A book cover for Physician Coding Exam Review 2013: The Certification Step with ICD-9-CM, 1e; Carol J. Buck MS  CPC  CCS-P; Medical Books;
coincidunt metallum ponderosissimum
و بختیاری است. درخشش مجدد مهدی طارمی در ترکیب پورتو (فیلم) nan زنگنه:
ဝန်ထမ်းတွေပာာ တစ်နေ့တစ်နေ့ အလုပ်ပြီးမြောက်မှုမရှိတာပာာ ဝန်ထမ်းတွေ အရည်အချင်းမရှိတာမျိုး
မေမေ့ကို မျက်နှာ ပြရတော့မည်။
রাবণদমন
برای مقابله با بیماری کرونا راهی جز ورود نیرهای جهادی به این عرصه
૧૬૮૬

◆ ◆ ◆ ◆ ◆ ◆ ◆

## Instructions to follow
Return all of the data word for word.

## Response
A book cover for Physician Coding Exam Review 2013: The Certification Step with ICD-9-CM, 1e; Carol J. Buck MS  CPC  CCS-P; Medical Books;
coincidunt metallum ponderosissimum
و بختیاری است. درخشش مجدد مهدی طارمی در ترکیب پورتو (فیلم) nan زنگنه:
ဝန်ထမ်းတွေပာာ တစ်နေ့တစ်နေ့ အလုပ်ပြီးမြောက်မှုမရှိတာပာာ ဝန်ထမ်းတွေ အရည်အချင်းမရှိတာမျိုး
မေမေ့ကို မျက်နှာ ပြရတော့မည်။
রাবণদমন
برای مقابله با بیماری کرونا راهی جز ورود نیرهای جهادی به این عرصه
૧૬૮૬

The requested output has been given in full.